● **Exercise requirements**:
Only the lines holding the word "slanted" are wanted; copy each of them from the listing.

● **Extracted records**:
────────────────────
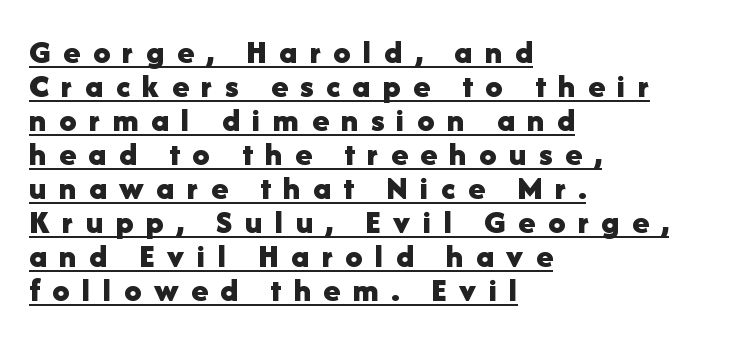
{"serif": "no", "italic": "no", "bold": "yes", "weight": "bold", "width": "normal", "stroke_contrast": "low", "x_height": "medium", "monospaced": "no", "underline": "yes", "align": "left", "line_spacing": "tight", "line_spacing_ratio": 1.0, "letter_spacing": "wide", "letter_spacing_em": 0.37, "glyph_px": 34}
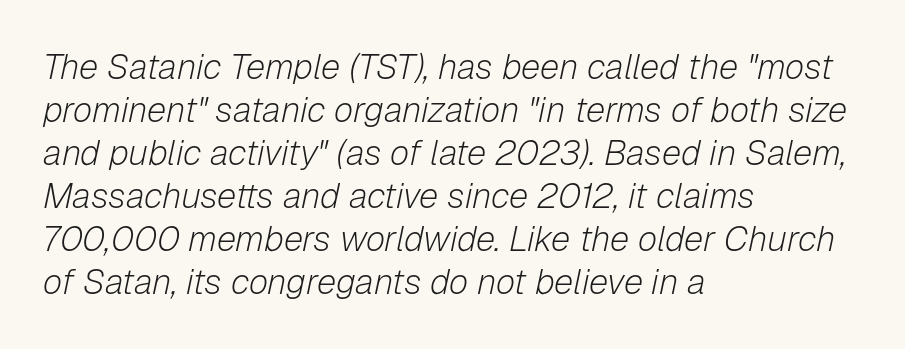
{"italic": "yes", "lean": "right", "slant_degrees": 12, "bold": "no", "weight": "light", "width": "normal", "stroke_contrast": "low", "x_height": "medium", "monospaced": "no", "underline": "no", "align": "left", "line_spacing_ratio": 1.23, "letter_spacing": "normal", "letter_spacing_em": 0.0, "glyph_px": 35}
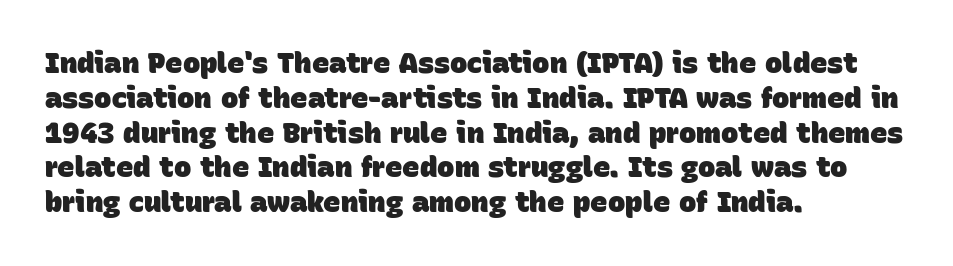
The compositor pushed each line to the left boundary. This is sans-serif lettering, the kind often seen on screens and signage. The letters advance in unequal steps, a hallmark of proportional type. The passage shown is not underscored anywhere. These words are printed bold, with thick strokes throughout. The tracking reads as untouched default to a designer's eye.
────────────────────
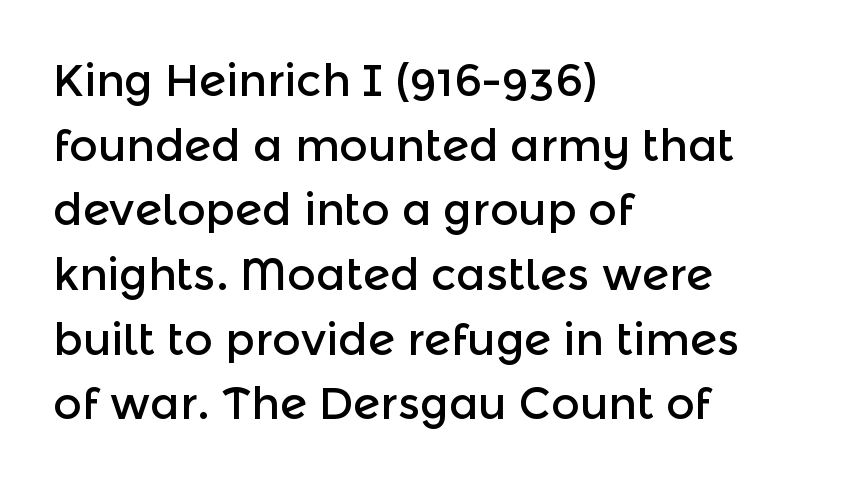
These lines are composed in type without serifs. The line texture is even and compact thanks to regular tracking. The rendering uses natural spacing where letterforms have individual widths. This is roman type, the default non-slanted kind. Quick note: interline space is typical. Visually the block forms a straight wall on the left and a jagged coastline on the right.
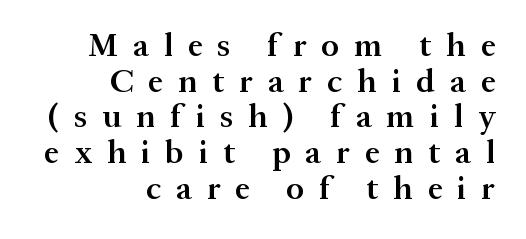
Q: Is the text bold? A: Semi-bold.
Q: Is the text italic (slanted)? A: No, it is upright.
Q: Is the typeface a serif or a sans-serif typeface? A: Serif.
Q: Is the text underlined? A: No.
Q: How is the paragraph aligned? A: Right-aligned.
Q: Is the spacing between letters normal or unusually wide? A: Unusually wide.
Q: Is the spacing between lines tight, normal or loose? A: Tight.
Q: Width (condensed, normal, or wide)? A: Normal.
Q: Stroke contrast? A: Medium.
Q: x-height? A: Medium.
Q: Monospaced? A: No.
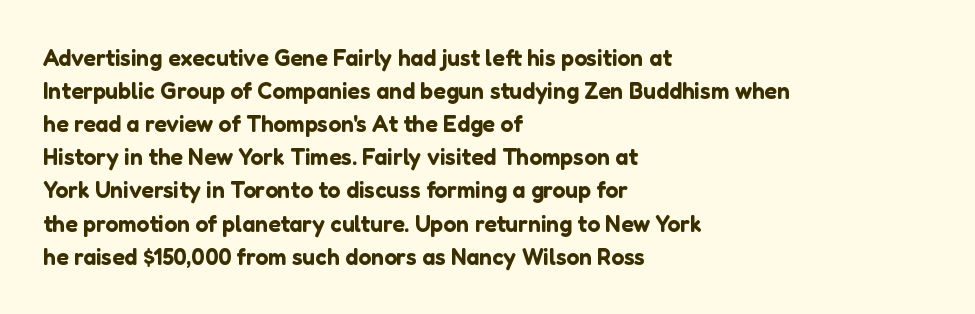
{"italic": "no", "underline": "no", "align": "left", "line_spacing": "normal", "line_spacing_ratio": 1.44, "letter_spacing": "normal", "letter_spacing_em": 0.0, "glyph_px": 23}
────────────────────
● **Written solution**:
These lines are composed in type without serifs. The line texture is even and compact thanks to regular tracking. The rendering uses natural spacing where letterforms have individual widths. This is roman type, the default non-slanted kind. Quick note: interline space is typical. Visually the block forms a straight wall on the left and a jagged coastline on the right.
Q: Is the text italic (slanted)? A: No, it is upright.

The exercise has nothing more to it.